A new Yale study finds that newer and costlier screening methods for breast cancer in women age 65 and older don't necessarily bring better results, and suggests that the health care industry rethink screening procedures for women in that age group.
The study, published Monday in the journal JAMA Internal Medicine, finds that Medicare spends more than $1 billion on screening for breast cancer. Of that, $400 million is spent on screening for women age 75 and older, even though the U.S. Preventive Services Task Force says there isn't enough evidence that breast cancer screening provides much benefit for those women.
Dr. Cary Gross, who led the study, said the findings don't suggest that there is no benefit to screening these women but said that $400 million is a lot of money to spend on a procedure "given that we don't really know that it works or not."
Doctors shouldn't stop screening these women, he said, but they should think more about how they do it. For instance, women in the Medicare age group? 65 and older ? can vary greatly in their risk for breast cancer. The benefits of early detection also vary.
"The benefits of screening are directly related to your risks of developing breast cancer and your overall health," he said. "Women who have few other health problems and have a long expectancy would have far more to gain from screening."
Gross is director of the Cancer Outcomes, Public Policy, and Effectiveness Research Center at Yale.
The study also finds significant differences in screening costs, depending on the technology used. Screenings for Medicare patients ranged from $40 to $110 per patient. In areas that adopted more sophisticated ? and more expensive ? technology, such as digital mammography and computer-aided detection, women had higher screening costs but not necessarily a lower rate of cancer that has spread.
"As the field of radiology moves toward digital technology, it is important to note that digital mammography will frequently be the only option available," the researchers write in the study. "Higher costs associated with adoption of newer modalities may not necessarily yield superior outcomes."
For the study, the researchers looked at Medicare money spent on breast cancer screening and treatment of 137,274 female Medicare beneficiaries who had not had breast cancer before 2006. The researchers followed those patients for two years, noting the number of times they were screened, how many developed breast cancer and the costs of their screenings and treatment.
"My hope is that these findings will push the field not only to consider whether [screening is] effective, but also to consider some of the costs of it," he said.
Gross said he thinks the study's findings go along with a general trend of recent years in considering the importance of breast cancer screenings.
"We're just starting to have a tipping point," he said. "There are more skeptics about the benefits of screening and fewer zealots promoting more screening for all patients at all times."
Dr. Colin Begg, biostatistician at Memorial Sloan-Kettering Cancer Center in New York City, said it's a "useful study, with useful data." But Begg, who was not involved in the study, said he is wary that it downplays the importance of mammography.
"They've kind of overreached in implying that we're wasting our money in screening for this age group," he said. "I don't buy it."
But Dr. Otis Brawley, chief medical officer of the American Cancer Society, said the study correlates with "all my prejudices about American medicine." Medicare is too quick to adopt the latest technologies without enough study on how to use them. Digital mammography is good technology, he said ? so good that it often results in detecting tumors so small that they pose little risk. Once detected, however, they often get treated.
"Our wisdom on how to use these new technologies has not kept up with our abilities to develop these technologies," Brawley said.

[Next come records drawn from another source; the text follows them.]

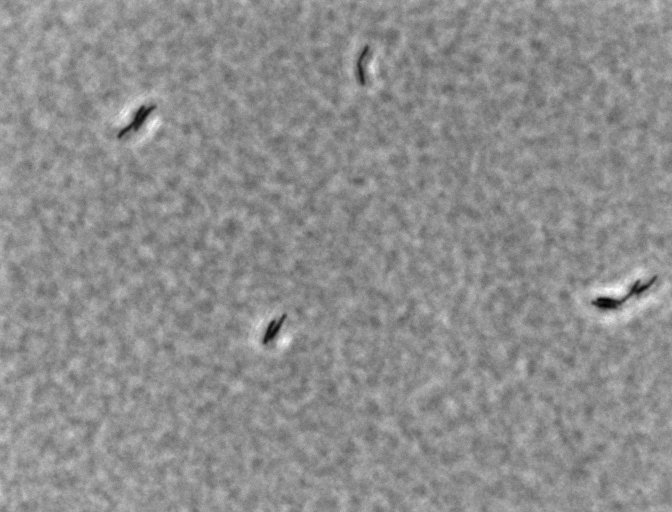
Bacillus coagulans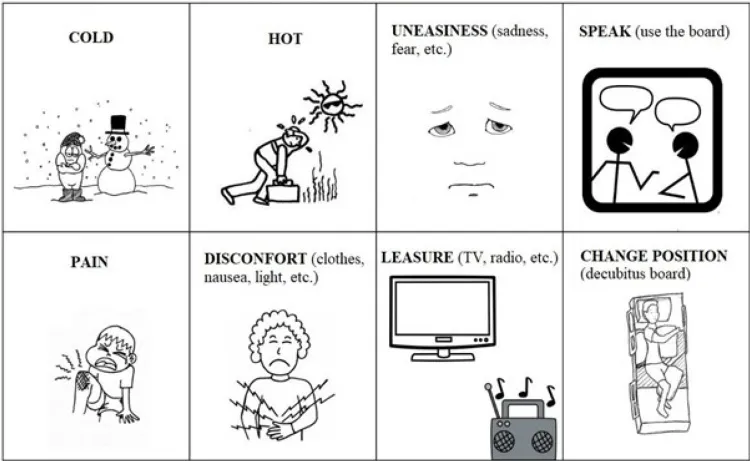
Shortcut of the communication board of Chart 1, for fast inquiry about physical and emotional well-being, created by the neuropsychology team.
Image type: pathology (fish)
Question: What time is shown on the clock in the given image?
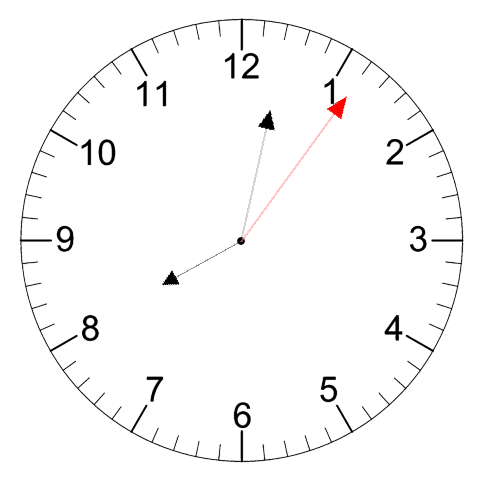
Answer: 08:02:06
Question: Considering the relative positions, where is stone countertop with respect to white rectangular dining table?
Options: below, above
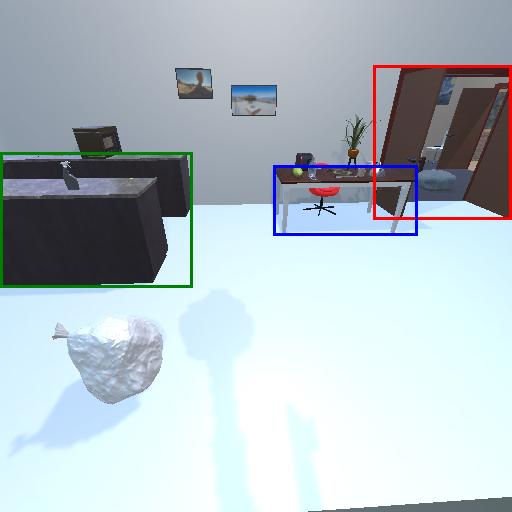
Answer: below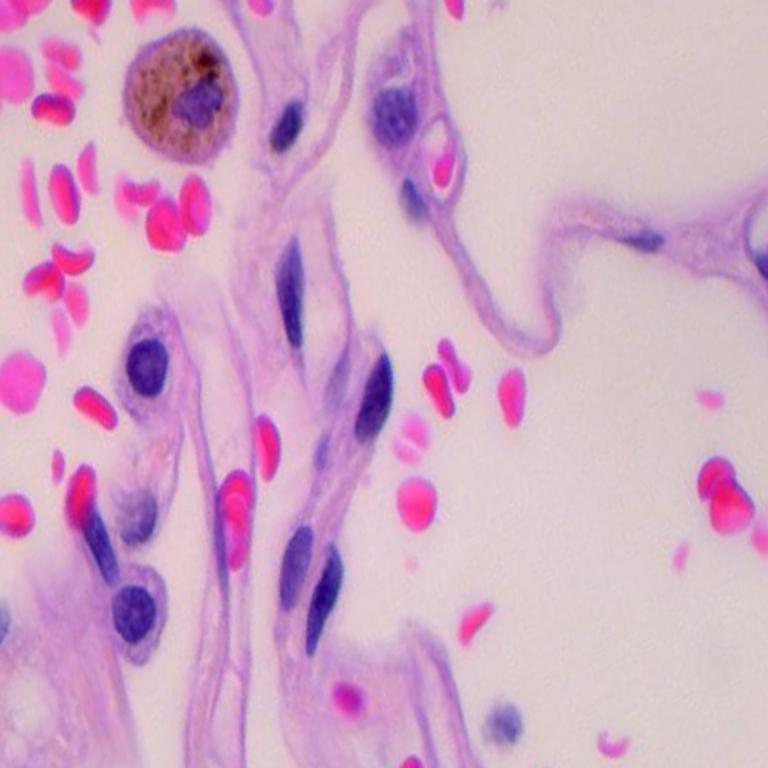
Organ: lung
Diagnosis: benign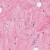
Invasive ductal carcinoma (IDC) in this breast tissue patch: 0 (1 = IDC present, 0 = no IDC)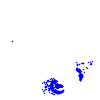
Particle: electron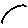
Label: cloud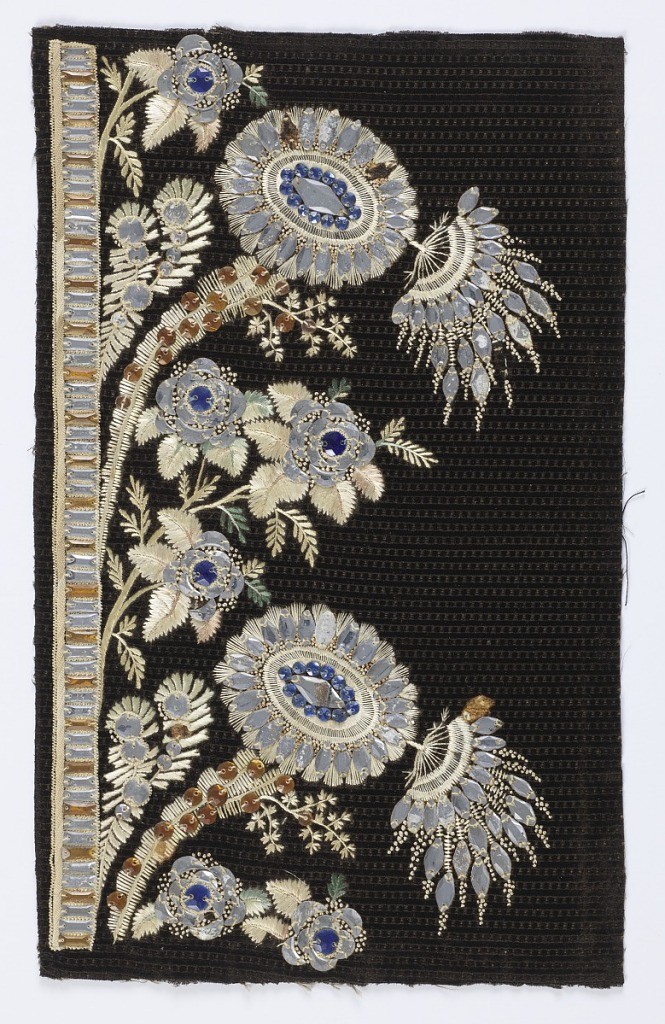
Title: Embroidery sample
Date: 1775–1805
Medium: silk and colored glass beads on a silk ground Technique: embroidered on cut voided supplementary warp pile (velvet)
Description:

Dr. Laura Esserman, director of the breast care center at the University of California in San Francisco, said the study's findings are consistent with her own research. Screenings are important, she said, but the health care industry has put too much faith in them.
"They make it something that it's not," she said. "You can't expect something from it that it can't deliver."
The more doctors learn about breast cancer, she said, the more it's apparent that the benefits of early detection vary significantly.
"Breast cancer's not one disease ? it's several diseases," she said. "And our understanding of screening has not kept up with our changing notions of what breast cancer is."